**MATERIAL PROVIDED**
*** Begin section ***

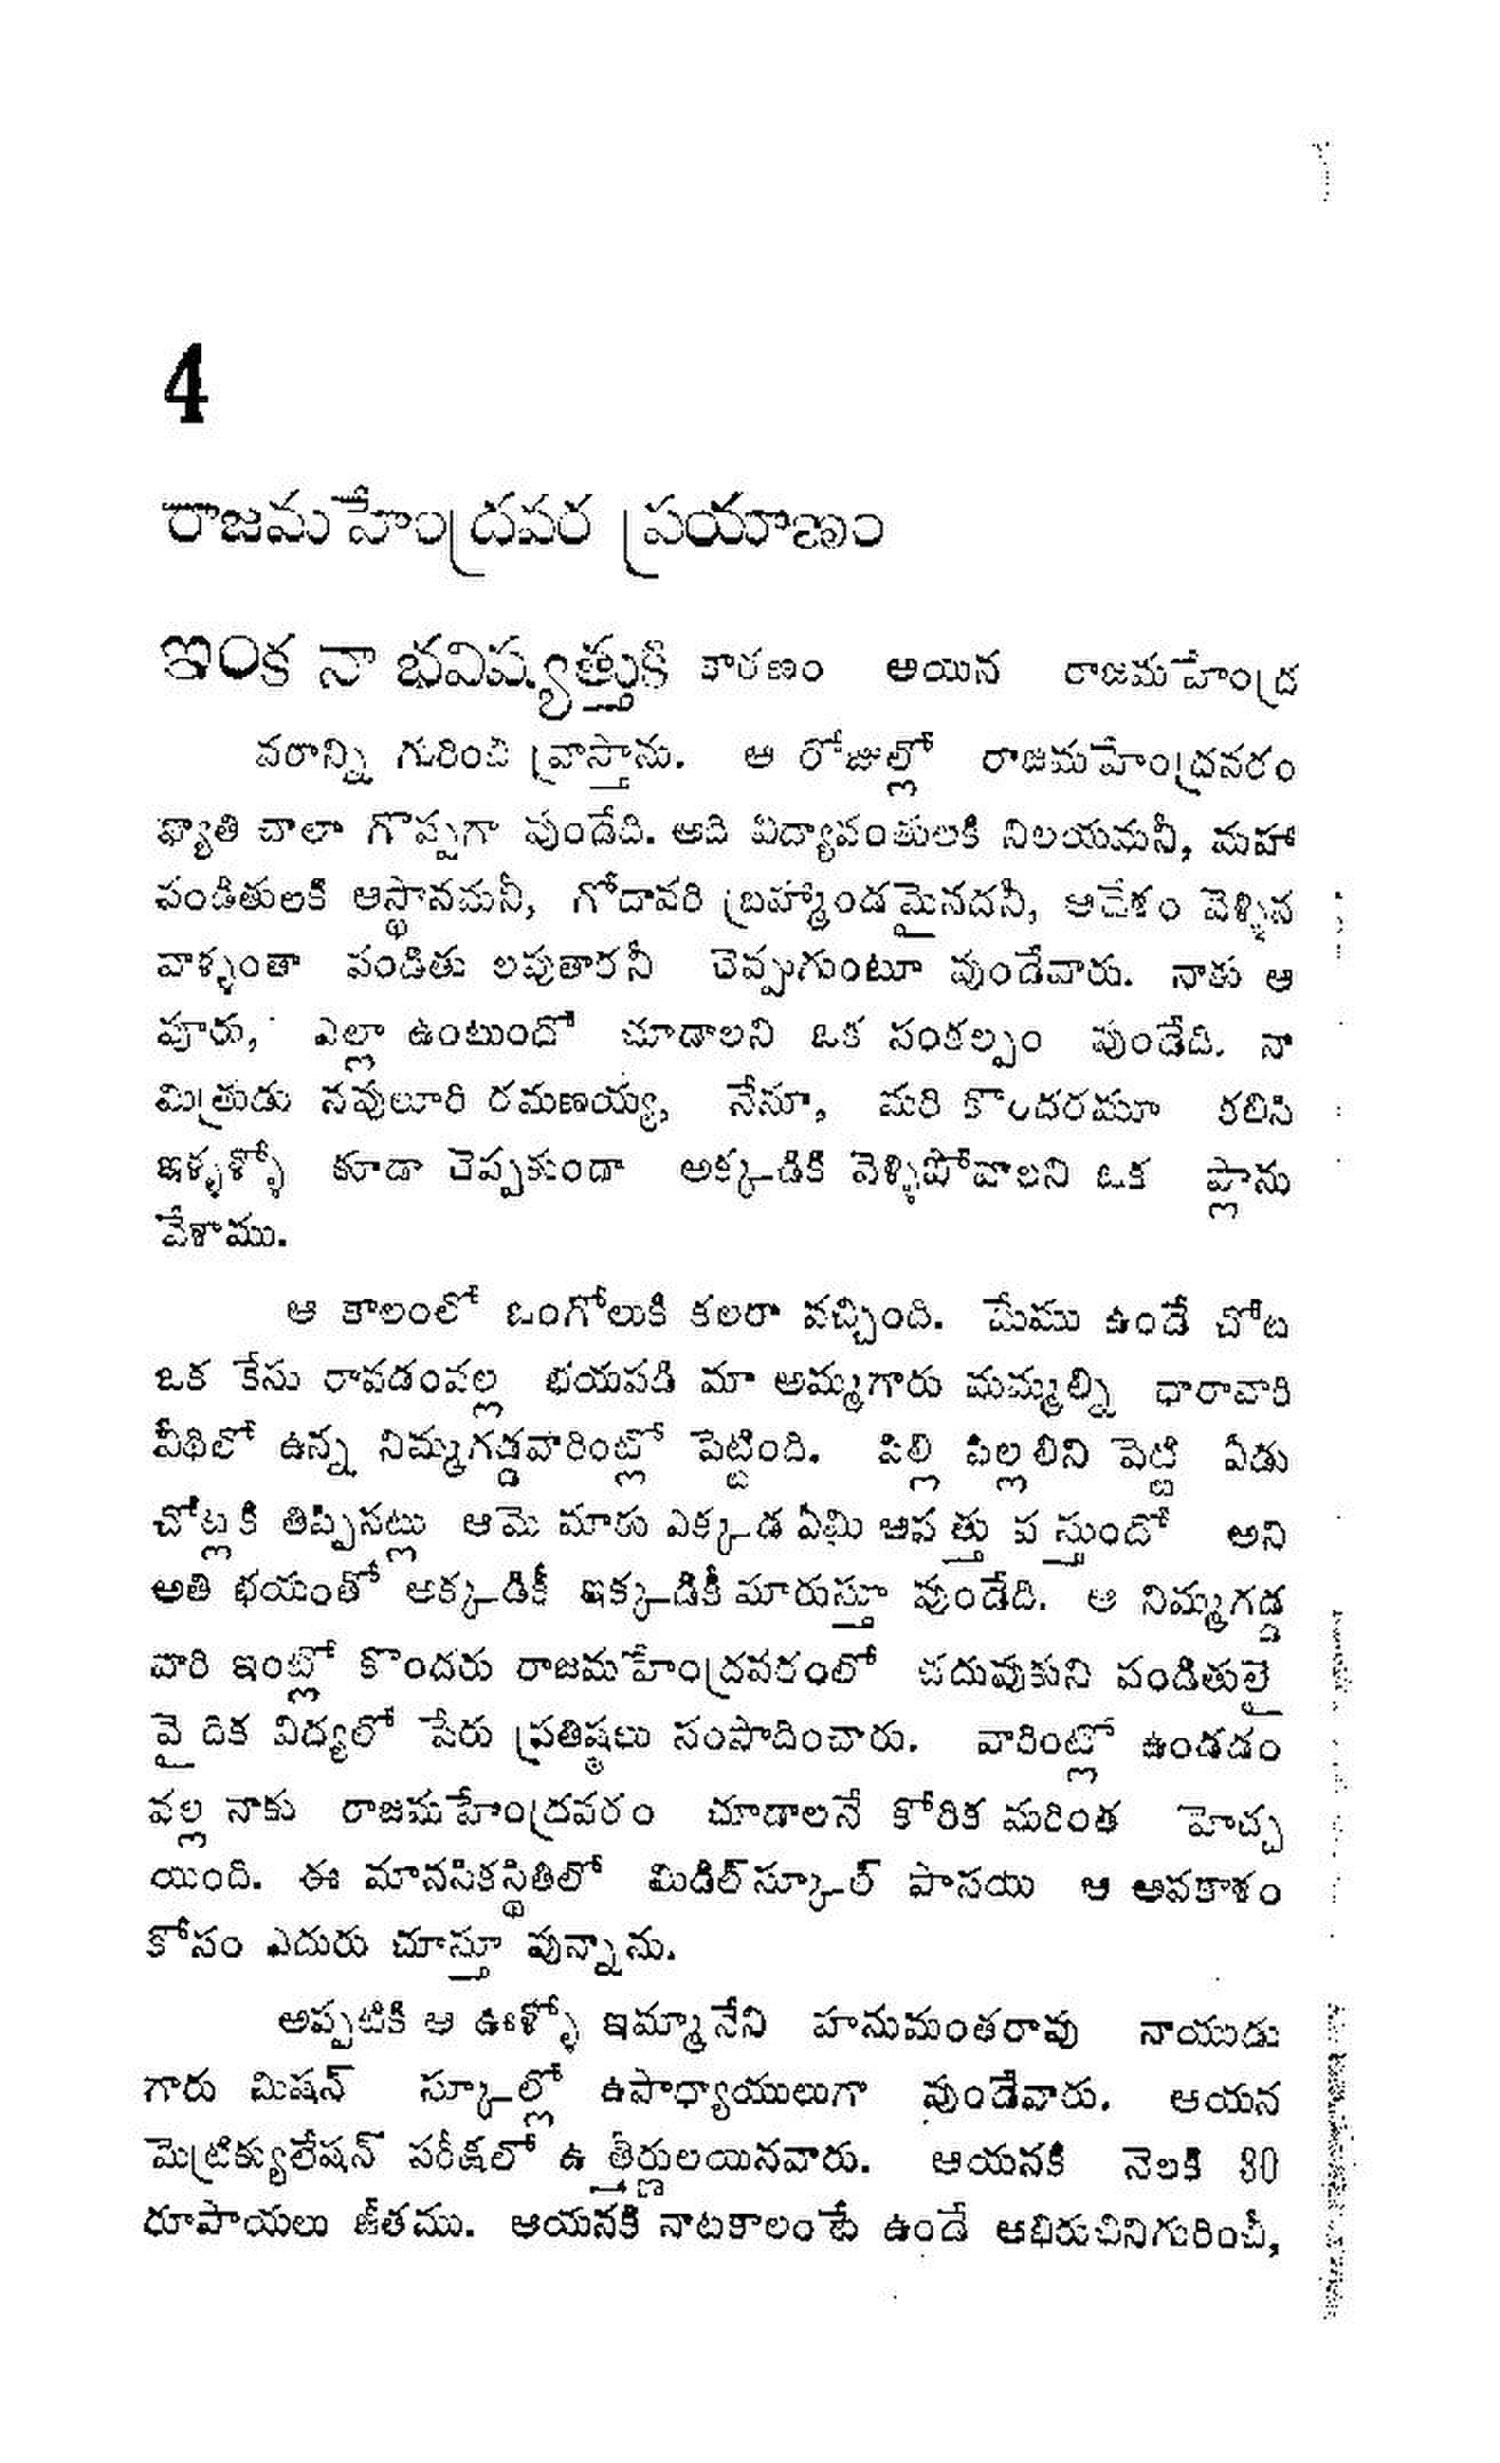ఇంక నా భవిష్యత్తుకి కారణం అయిన రాజమహేంద్రవరాన్ని గురించి వ్రాస్తాను. అది విద్యావంతులకి నిలయమనీ, మహా పండితులకి ఆస్థానమనీ, గోదావరి బ్రహ్మాండమైనదనీ, ఆదేశం తెలిసిన వాళ్ళంతా పండితులవుతారనీ చెప్పుగుంటూ వుండేవారు. నాకు ఆ వూరు, ఎల్లా ఉంటుందో చూడాలని ఒక సంకల్పం వుండేది. నా మిత్రుడు నవులూరి రమణయ్య, నేనూ, మరి కొందరమూ కలిసి ఇళ్ళళ్ళో కూడా చెప్పకుండా అక్కడికి వెళ్ళిపోవాలని ఒక ప్లాను వేశాము.

ఆ కాలంలో ఒంగోలుకి కలరా వచ్చింది. మేము ఉండే చోట ఒక కేసు రావడంవల్ల భయపడి మా అమ్మగారు మమ్మల్ని ధారావారి వీధిలో ఉన్న నిమ్మగడ్డవారింట్లో పెట్టింది. పిల్లి పిల్లలిని పెట్టి ఏడు చోట్లకి తిప్పినట్లు ఆమె మాకు ఎక్కడ ఏమి ఆపత్తు వస్తుందో అని అతి భయంతో అక్కడికీ ఇక్కడికీ మారుస్తూ వుండేది. ఆ నిమ్మగడ్డ వారి ఇంట్లో కొందరు రాజమహేంద్రవరంలో చదువుకుని పండితులై వైదిక విద్యలో పేరు ప్రతిష్ఠలు సంపాదించారు. వారింట్లో ఉండటం వల్ల నాకు రాజమహేంద్రవరం చూడాలనే కోరిక మరింత హెచ్చయింది. ఈ మానసికస్థితిలో మిడిల్‌స్కూల్ పాసయి ఆ అవకాశం కోసం ఎదురు చూస్తూ వున్నాను.

అప్పటికి ఆ ఊళ్ళో ఇమ్మానేని హనుమంతరావు నాయుడుగారు మిషన్ స్కూల్లో ఉపాధ్యాయులుగా వుండేవారు. ఆయన మెట్రిక్యులేషన్ పరీక్షలో ఉత్తీర్ణులయినవారు. ఆయనకి నెలకి 30 రూపాయలు జీతము. ఆయనకి నాటకాలంటే ఉండే అభిరుచిని గురించీ,

*** End section ***

**WHAT THE TASK REQUIRES**
Extract the lines exactly, please: the first line of the listing, the line with "ఆ కాలంలో ఒంగోలుకి", and every line between them, but no pictures.

**SOLUTION FOR THIS TASK**
ఇంక నా భవిష్యత్తుకి కారణం అయిన రాజమహేంద్రవరాన్ని గురించి వ్రాస్తాను. అది విద్యావంతులకి నిలయమనీ, మహా పండితులకి ఆస్థానమనీ, గోదావరి బ్రహ్మాండమైనదనీ, ఆదేశం తెలిసిన వాళ్ళంతా పండితులవుతారనీ చెప్పుగుంటూ వుండేవారు. నాకు ఆ వూరు, ఎల్లా ఉంటుందో చూడాలని ఒక సంకల్పం వుండేది. నా మిత్రుడు నవులూరి రమణయ్య, నేనూ, మరి కొందరమూ కలిసి ఇళ్ళళ్ళో కూడా చెప్పకుండా అక్కడికి వెళ్ళిపోవాలని ఒక ప్లాను వేశాము.

ఆ కాలంలో ఒంగోలుకి కలరా వచ్చింది. మేము ఉండే చోట ఒక కేసు రావడంవల్ల భయపడి మా అమ్మగారు మమ్మల్ని ధారావారి వీధిలో ఉన్న నిమ్మగడ్డవారింట్లో పెట్టింది. పిల్లి పిల్లలిని పెట్టి ఏడు చోట్లకి తిప్పినట్లు ఆమె మాకు ఎక్కడ ఏమి ఆపత్తు వస్తుందో అని అతి భయంతో అక్కడికీ ఇక్కడికీ మారుస్తూ వుండేది. ఆ నిమ్మగడ్డ వారి ఇంట్లో కొందరు రాజమహేంద్రవరంలో చదువుకుని పండితులై వైదిక విద్యలో పేరు ప్రతిష్ఠలు సంపాదించారు. వారింట్లో ఉండటం వల్ల నాకు రాజమహేంద్రవరం చూడాలనే కోరిక మరింత హెచ్చయింది. ఈ మానసికస్థితిలో మిడిల్‌స్కూల్ పాసయి ఆ అవకాశం కోసం ఎదురు చూస్తూ వున్నాను.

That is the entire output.